▶ Your task:
Using the data below, tally the lines that include the string "wohl". Only the number is wanted.

▶ Information provided:
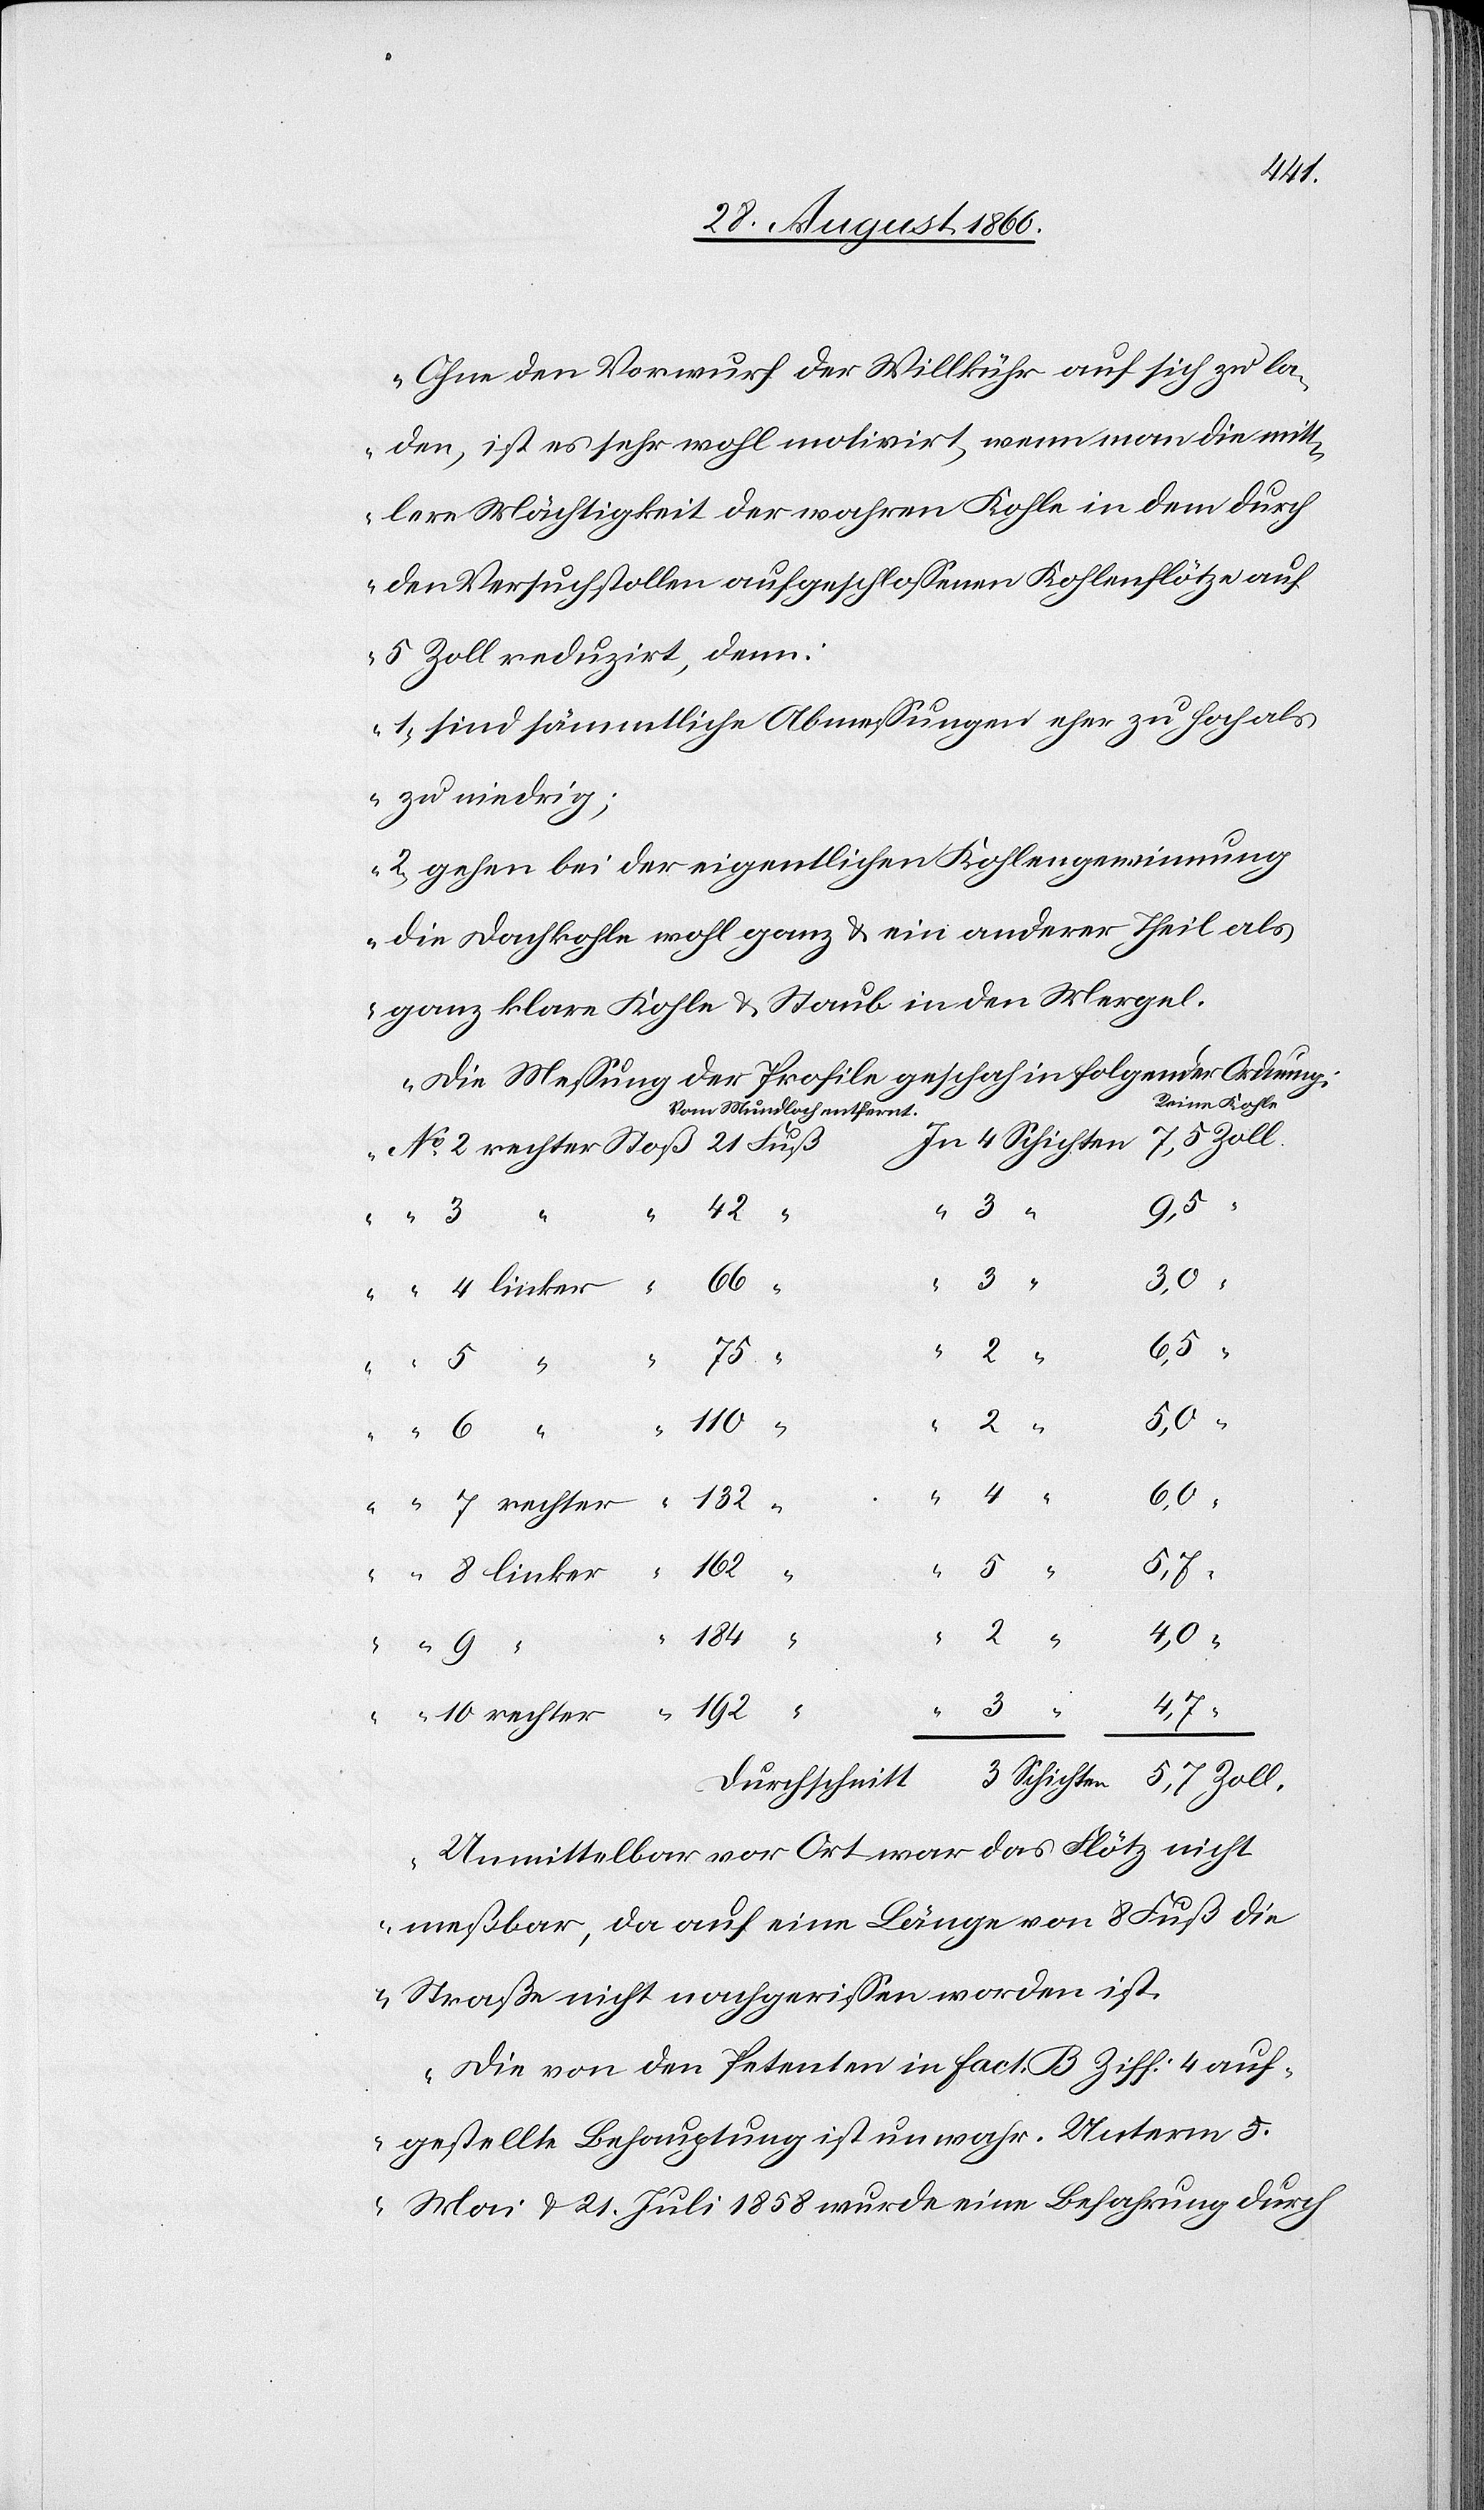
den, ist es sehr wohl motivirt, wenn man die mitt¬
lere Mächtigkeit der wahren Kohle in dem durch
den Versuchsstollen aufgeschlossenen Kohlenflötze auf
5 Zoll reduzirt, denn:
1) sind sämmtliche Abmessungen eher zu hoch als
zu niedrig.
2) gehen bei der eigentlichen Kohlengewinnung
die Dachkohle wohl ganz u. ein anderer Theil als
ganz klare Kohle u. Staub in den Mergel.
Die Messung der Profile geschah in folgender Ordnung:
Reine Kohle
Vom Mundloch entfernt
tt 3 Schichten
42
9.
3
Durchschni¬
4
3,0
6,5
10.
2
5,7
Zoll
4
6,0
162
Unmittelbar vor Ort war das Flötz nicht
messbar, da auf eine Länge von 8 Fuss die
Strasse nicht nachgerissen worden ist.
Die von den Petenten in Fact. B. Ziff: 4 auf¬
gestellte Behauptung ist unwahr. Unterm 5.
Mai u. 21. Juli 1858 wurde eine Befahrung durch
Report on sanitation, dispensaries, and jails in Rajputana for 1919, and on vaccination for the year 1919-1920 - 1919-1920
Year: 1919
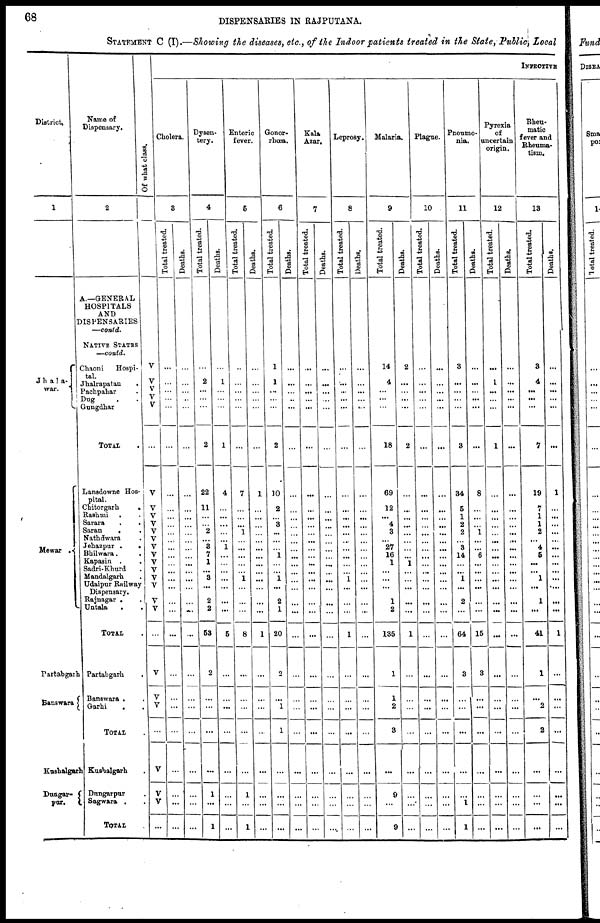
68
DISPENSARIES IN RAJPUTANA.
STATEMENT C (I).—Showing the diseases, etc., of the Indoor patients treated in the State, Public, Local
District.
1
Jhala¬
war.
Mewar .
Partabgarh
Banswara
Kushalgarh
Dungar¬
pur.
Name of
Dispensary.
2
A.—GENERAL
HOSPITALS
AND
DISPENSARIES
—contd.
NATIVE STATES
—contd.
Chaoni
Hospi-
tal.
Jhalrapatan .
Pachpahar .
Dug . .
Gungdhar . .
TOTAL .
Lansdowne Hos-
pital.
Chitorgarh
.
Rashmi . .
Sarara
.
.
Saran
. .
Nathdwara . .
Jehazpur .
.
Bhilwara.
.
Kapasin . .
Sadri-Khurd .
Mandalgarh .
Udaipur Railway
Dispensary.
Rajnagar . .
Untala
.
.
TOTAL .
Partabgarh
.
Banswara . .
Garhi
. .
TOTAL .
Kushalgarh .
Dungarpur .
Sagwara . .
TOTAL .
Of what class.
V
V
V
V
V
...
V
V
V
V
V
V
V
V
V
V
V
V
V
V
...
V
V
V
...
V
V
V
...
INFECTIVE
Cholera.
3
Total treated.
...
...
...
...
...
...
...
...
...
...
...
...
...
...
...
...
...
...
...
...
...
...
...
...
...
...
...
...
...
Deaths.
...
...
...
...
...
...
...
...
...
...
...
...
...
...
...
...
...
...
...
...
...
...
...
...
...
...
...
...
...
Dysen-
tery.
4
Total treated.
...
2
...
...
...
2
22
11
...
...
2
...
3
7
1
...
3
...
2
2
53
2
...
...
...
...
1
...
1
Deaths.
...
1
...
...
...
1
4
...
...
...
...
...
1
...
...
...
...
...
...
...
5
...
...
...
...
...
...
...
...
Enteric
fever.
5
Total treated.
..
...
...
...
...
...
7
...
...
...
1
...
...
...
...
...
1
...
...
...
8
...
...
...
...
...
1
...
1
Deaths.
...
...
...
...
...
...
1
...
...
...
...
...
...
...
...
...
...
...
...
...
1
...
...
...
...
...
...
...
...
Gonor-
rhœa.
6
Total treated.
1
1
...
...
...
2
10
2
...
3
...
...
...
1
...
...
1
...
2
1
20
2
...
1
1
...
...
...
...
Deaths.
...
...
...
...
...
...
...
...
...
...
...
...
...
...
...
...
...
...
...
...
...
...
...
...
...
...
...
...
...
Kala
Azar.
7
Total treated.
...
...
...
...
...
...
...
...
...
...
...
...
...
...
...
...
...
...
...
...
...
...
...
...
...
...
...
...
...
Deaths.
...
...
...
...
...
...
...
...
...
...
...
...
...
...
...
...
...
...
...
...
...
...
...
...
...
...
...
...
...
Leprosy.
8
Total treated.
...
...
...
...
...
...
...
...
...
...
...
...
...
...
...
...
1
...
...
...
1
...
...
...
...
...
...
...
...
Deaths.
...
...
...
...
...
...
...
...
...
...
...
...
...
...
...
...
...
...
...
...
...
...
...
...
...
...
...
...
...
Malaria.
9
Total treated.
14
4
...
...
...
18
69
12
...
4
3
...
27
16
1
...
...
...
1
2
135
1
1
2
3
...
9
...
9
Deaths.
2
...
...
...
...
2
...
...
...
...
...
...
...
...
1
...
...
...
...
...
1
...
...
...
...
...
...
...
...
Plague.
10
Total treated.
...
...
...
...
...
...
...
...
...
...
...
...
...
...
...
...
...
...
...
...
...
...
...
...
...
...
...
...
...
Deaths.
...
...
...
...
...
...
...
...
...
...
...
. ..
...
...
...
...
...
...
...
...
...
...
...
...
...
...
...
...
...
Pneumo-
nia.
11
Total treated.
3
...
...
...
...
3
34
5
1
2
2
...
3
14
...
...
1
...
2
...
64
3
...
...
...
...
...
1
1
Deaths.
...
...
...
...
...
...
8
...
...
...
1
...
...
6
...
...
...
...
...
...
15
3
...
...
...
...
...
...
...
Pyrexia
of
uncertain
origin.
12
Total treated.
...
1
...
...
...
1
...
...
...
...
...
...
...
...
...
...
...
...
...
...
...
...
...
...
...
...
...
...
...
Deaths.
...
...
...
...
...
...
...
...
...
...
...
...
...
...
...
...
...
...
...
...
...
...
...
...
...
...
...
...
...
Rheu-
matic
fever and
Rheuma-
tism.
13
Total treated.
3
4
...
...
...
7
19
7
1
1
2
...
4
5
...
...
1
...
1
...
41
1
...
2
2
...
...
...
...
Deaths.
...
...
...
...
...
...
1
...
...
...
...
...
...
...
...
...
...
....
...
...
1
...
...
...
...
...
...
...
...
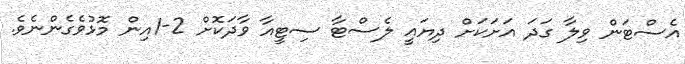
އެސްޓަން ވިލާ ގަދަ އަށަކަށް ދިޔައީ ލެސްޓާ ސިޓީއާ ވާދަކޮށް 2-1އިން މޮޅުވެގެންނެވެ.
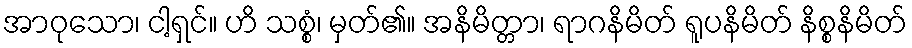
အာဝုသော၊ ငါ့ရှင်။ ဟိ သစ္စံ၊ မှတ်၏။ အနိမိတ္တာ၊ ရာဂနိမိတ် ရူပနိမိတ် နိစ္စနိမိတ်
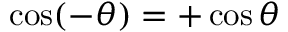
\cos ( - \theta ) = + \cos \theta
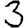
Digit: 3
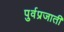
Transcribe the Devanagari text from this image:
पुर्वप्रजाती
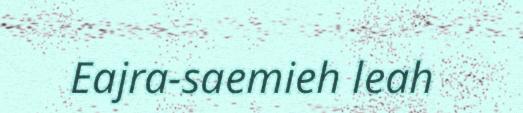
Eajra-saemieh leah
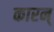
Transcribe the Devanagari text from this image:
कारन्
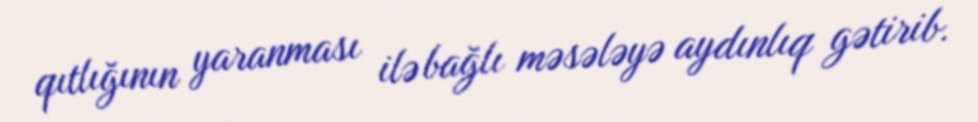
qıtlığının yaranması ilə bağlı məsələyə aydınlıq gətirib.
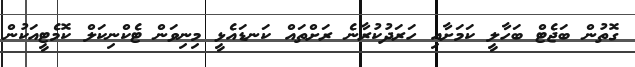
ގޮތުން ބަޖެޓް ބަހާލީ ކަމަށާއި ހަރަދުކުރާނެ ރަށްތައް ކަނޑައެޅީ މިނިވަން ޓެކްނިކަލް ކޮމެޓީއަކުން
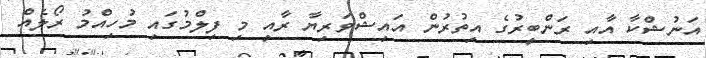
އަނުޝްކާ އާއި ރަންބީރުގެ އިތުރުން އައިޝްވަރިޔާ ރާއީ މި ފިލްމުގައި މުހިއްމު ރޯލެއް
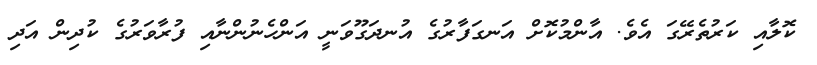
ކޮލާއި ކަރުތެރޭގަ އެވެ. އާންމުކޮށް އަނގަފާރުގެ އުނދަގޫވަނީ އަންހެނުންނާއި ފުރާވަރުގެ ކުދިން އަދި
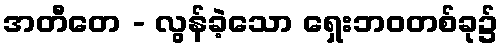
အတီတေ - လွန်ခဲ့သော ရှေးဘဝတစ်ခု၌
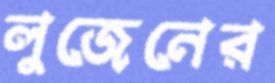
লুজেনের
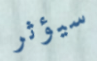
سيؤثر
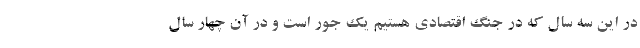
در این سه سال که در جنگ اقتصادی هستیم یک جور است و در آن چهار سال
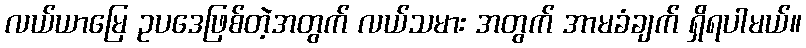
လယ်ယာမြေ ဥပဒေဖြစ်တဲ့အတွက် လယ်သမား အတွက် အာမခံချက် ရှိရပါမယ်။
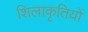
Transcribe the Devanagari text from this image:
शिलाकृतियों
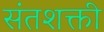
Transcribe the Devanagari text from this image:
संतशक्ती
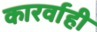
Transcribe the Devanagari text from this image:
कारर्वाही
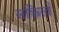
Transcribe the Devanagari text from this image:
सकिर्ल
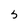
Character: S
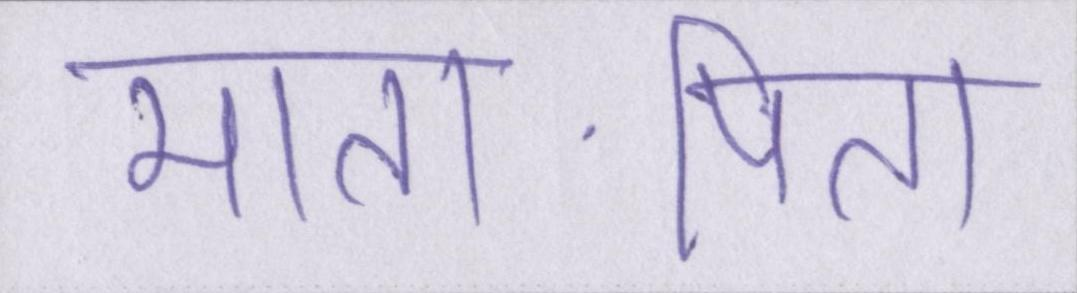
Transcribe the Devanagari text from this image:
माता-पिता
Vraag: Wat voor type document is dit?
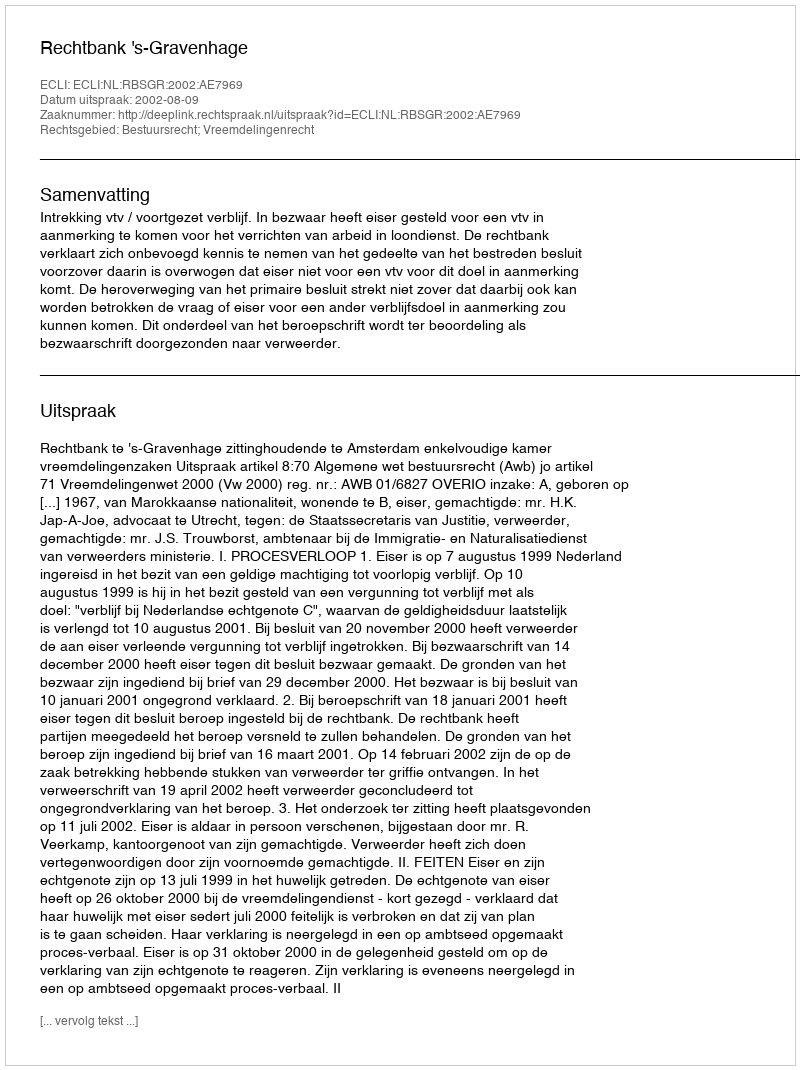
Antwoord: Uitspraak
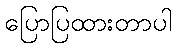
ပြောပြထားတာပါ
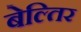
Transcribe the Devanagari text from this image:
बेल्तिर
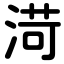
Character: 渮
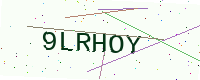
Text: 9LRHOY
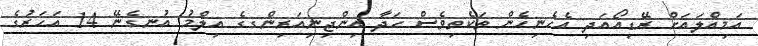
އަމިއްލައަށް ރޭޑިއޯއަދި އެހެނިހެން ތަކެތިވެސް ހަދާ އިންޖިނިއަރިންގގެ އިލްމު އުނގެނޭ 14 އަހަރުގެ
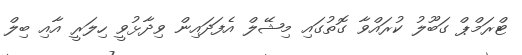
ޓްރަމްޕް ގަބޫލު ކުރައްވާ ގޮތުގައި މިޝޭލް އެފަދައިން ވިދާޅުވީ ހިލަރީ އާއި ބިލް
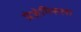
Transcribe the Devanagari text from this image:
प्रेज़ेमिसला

▶ Exercise solution:
2